Let's unite in demanding accountability from EACC

This week, one Josephine Kabura released detailed claims in an affidavit linking former Cabinet Secretary Anne Waiguru to the NYS scandal.

The merits of the affidavit will be decided in court but the broader implications for public perception cannot be overlooked.

With a little hindsight on events leading up to the 2007-2008 crisis, Kenyans need to worry, and rightfully so. Broadly speaking, the affidavit raises serious questions about key institutions Kenyans have laboured to re-build over the last half a decade.

Earlier, an affidavit that put Justice Philip Tunoi on his defence cast aspersions on the Supreme Court and the Judiciary at large. Now the affidavit by Ms Kabura has roped in the Ethics and Anti-Corruption Commission (EACC) and the investigatory agencies of the national government such as the police.

Most significantly though, the EACC wrote a letter dated February 7, 2016, purporting to clear Ms Waiguru of any wrongdoing regarding the NYS scam. Kenyans were quick to ask why the former CS was being “cleared” by the EACC when she had never been named as a person of interest or suspect to begin with.

When the scandal broke, the EACC had then named Waiguru as a witness, having claimed to be a whistle blower who brought the scam to light.

Upon the surfacing of Kabura’s affidavit, the EACC hastily beat a retreat to “re-open” investigations into the whole saga. This was an interesting development, considering that despite being a person of interest from the word go, the EACC had never seen the need to interrogate Ms Kabura on her role in the scam, despite recommending her prosecution by the ODPP.

As most Kenyans will remember, the lack of accountability from key institutions was a key driver of the total lack of confidence in those institutions in the lead up to the 2007-2008 crisis.

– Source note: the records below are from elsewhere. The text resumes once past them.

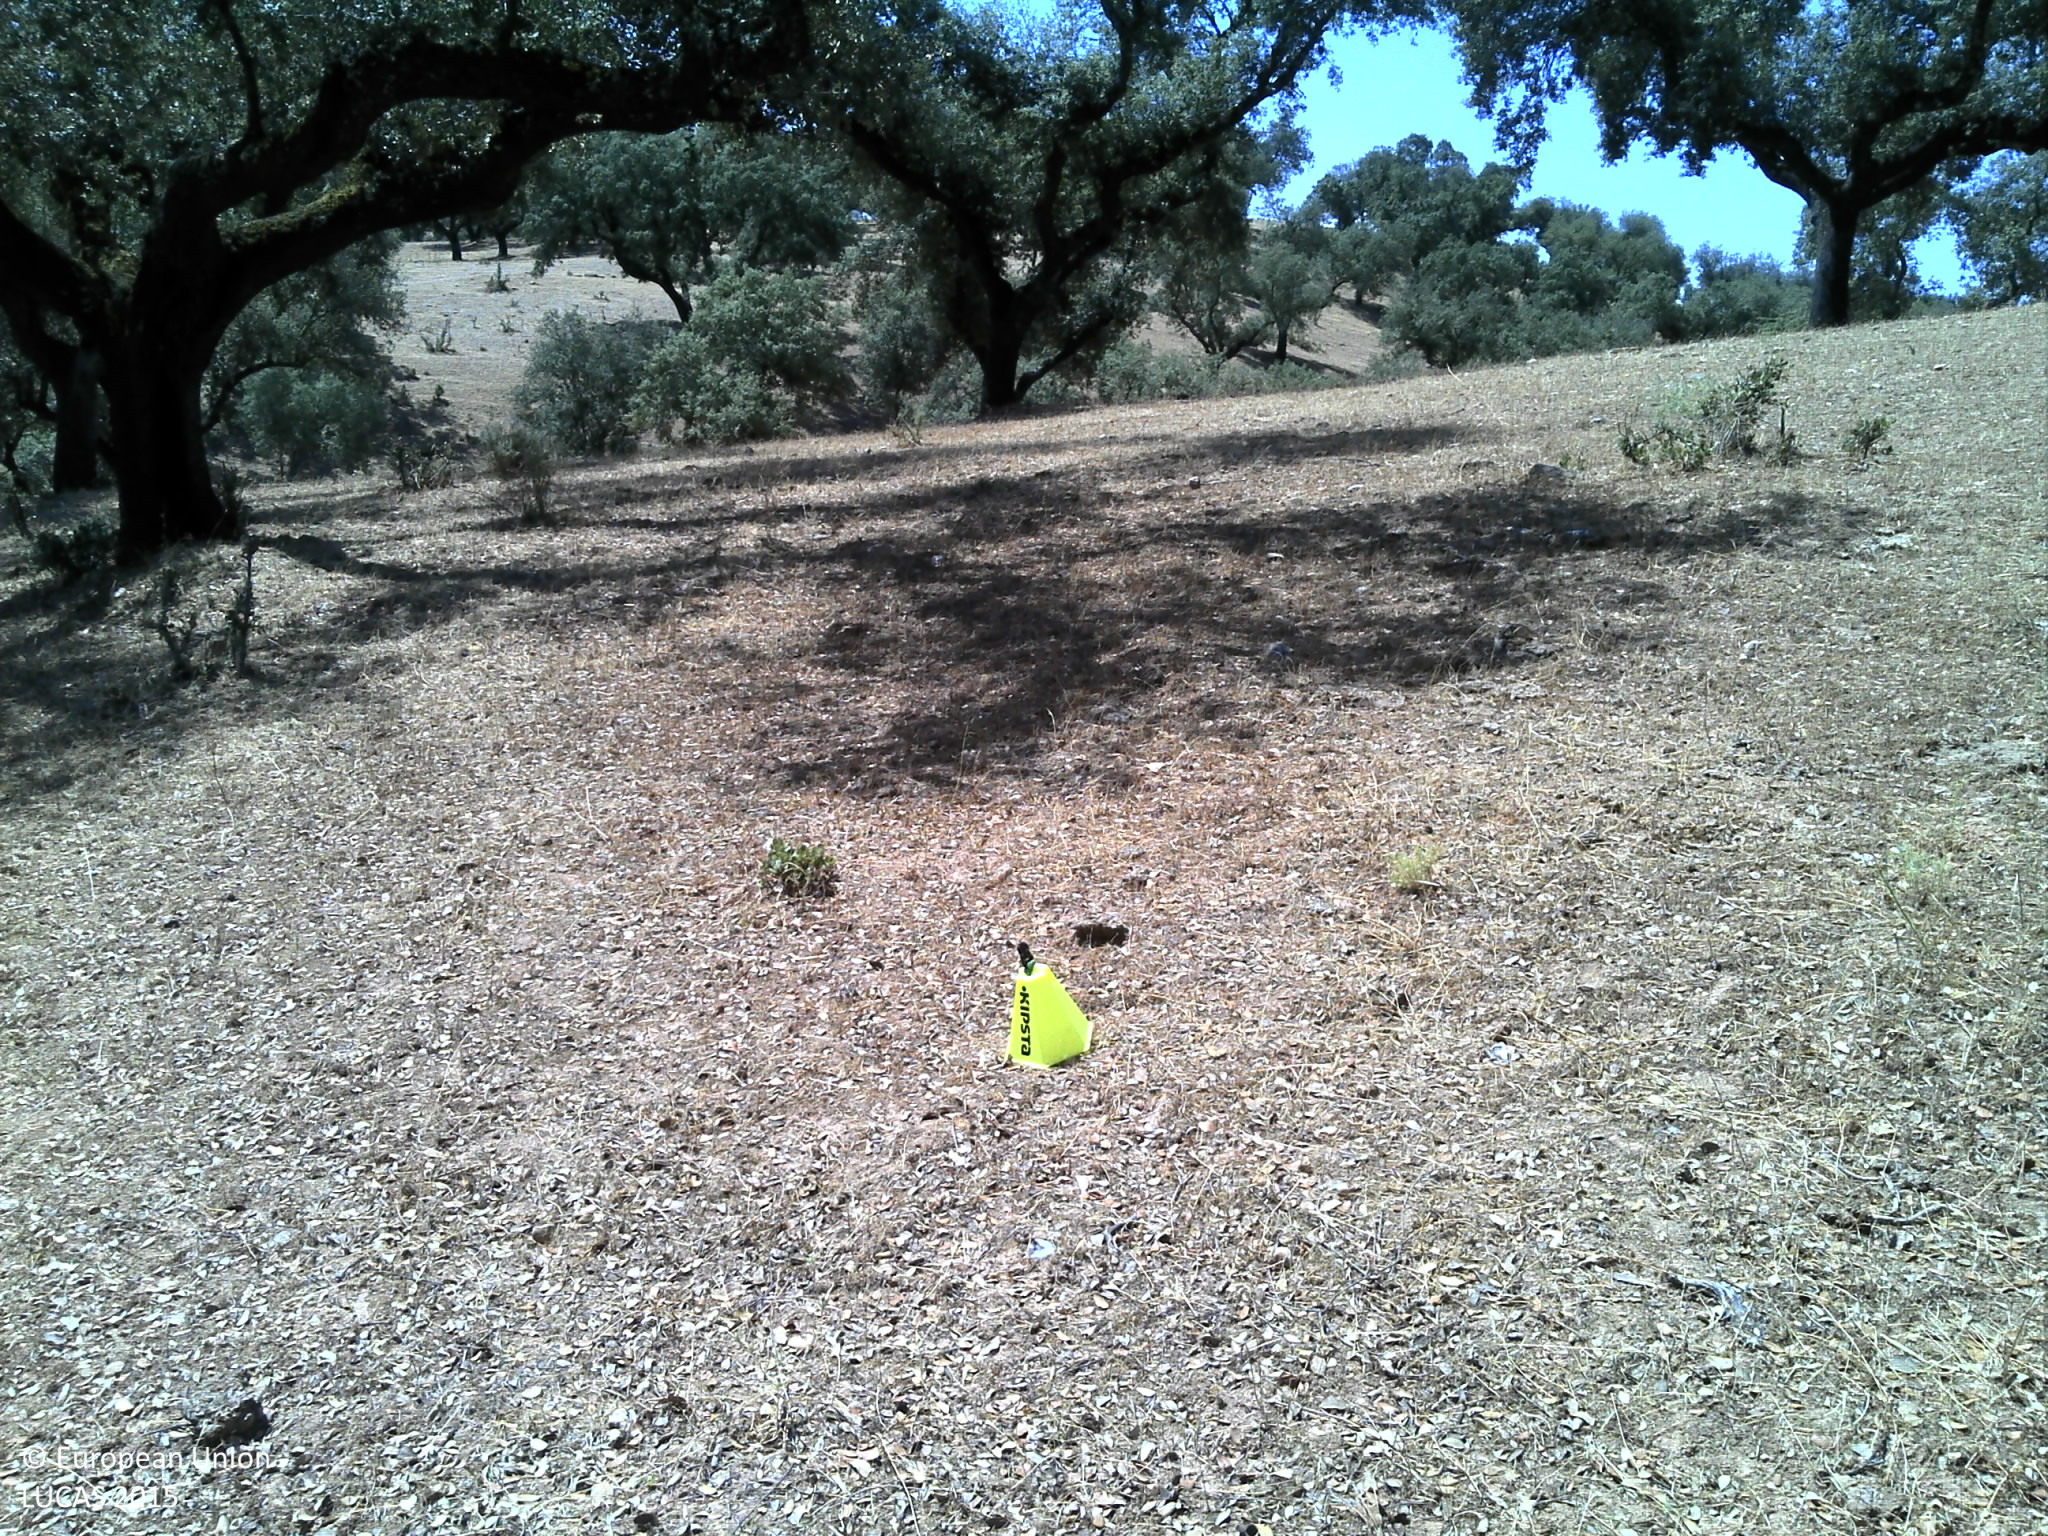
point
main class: Woodland
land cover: Broadleaved woodland
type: broadleaved evergreen forest
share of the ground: 25 - 50 %
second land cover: Grassland without tree/shrub cover
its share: 10 - 25 %
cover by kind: unconsolidated bare surface 55 %, broadleaved forest trees 30 %, herbaceous plants 15 %
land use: Forestry
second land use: Agriculture (excluding fallow land and kitchen gardens)
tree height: > 5 m
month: July
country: PT
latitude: 38.4953
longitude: -7.7017
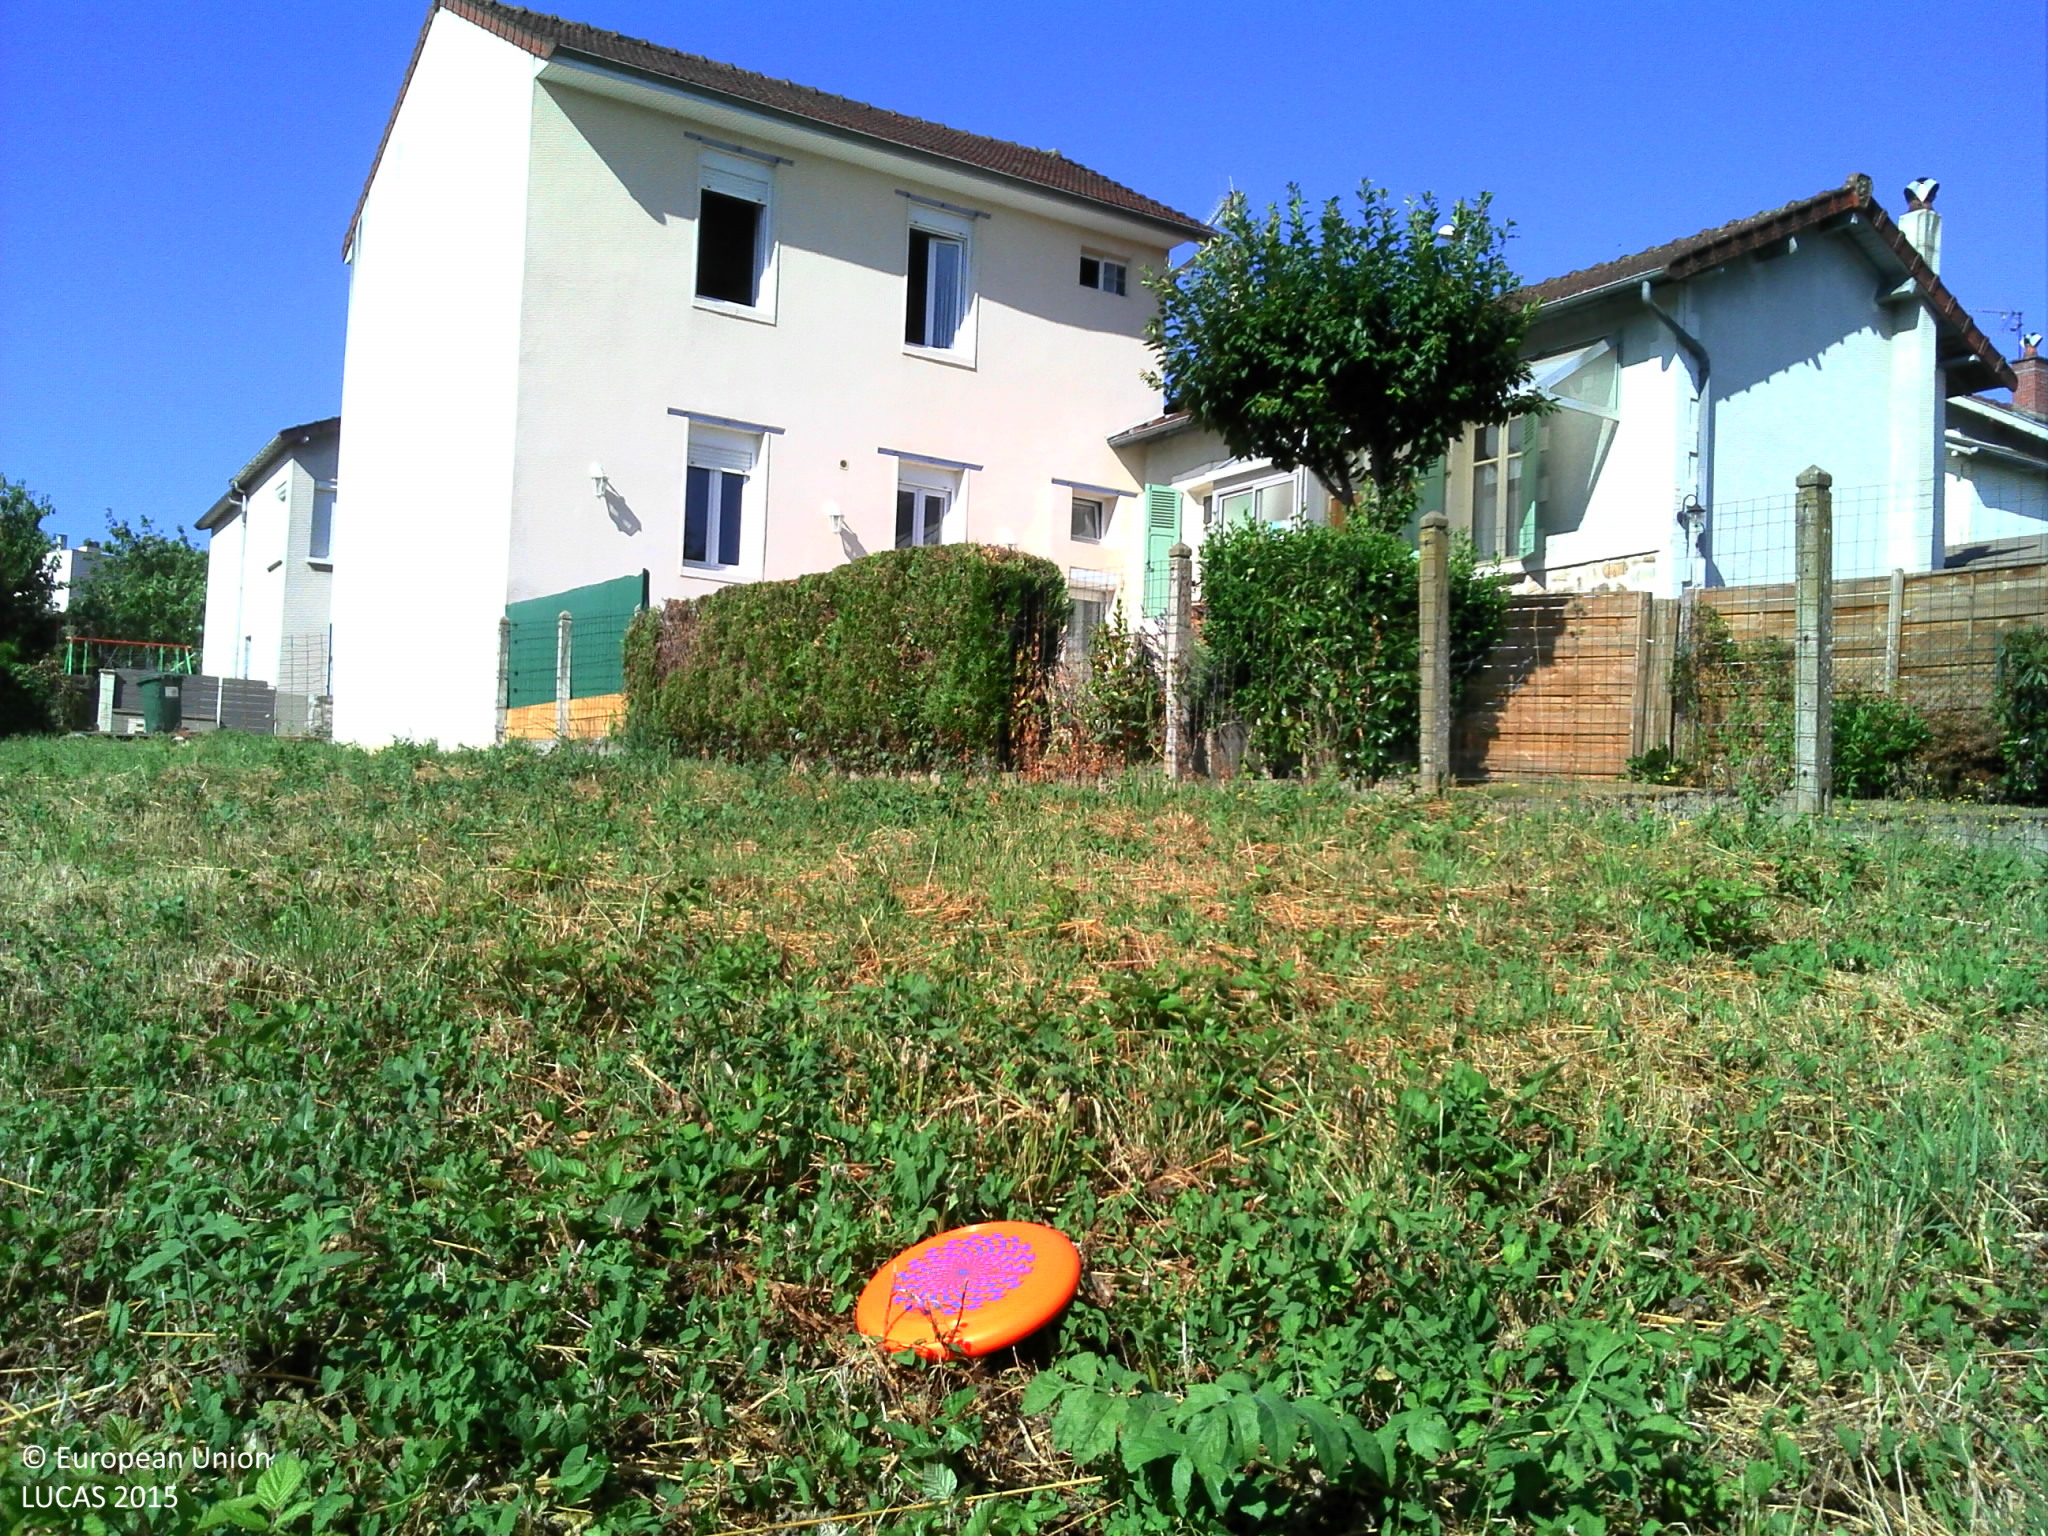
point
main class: Grassland
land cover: Grassland with sparse tree/shrub cover
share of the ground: > 75 %
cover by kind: herbaceous plants 90 %, broadleaved forest trees 5 %
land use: Residential
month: July
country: FR
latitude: 45.8490
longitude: 1.2728
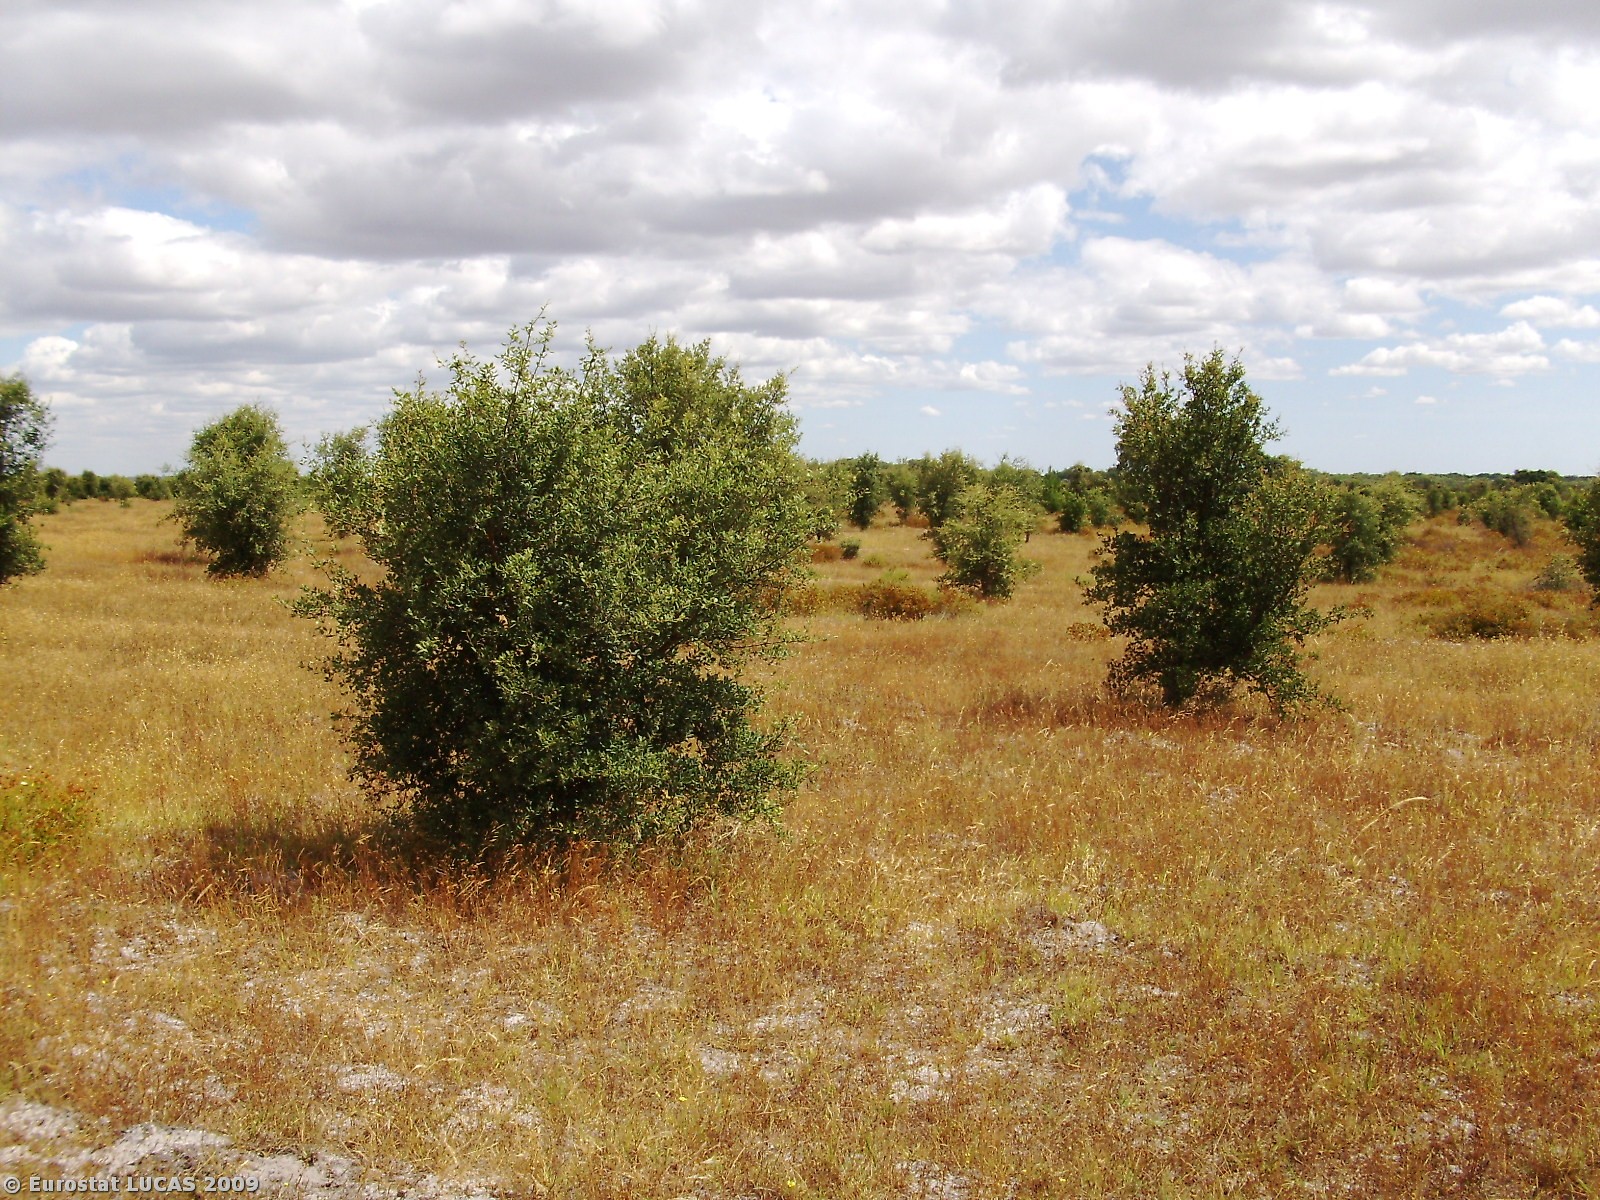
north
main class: Woodland
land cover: Broadleaved woodland
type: broadleaved evergreen forest
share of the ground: 10 - 25 %
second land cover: Spontaneously vegetated surfaces
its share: > 75 %
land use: Forestry
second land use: Fallow land
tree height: > 5 m
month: June
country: PT
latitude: 37.9817
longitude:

We must unite in demanding accountability from the EACC and all investigatory agencies involved in this mess.

{Ramoto Osore, Nairobi}

A commission of inquiry would be better to unravel the truth in the Sh791 million NYS scam.

There are those who thought that former Prime Minister Raila Odinga did not know what he was saying when he, like a “mad man” kept on saying that all was not well at NYS.

President Uhuru Kenyatta weighed in and reassured us that there was no problem and that we ought to sleep soundly for he was on top of things.

Maybe the President thought that the former premier was just being the garrulous politician he probably deems him to be.

Now, the EACC is telling us Waiguru will become a person of interest. When shevisited their offices last year, she apparently never became a person of interest. It turns out then that Kenyan sleuths are cut from a very poor quality cloth.

This NYS scandal should be handled by the President forming a commission of inquiry so that a few people can be made to sweat as they labour to cleanse their names.

Should it turn out that the courts will ably handle the matter, so be it. But my only fear is that the well-paid advocates of Nairobi will throw a spanner in the works and derail the process on technicalities.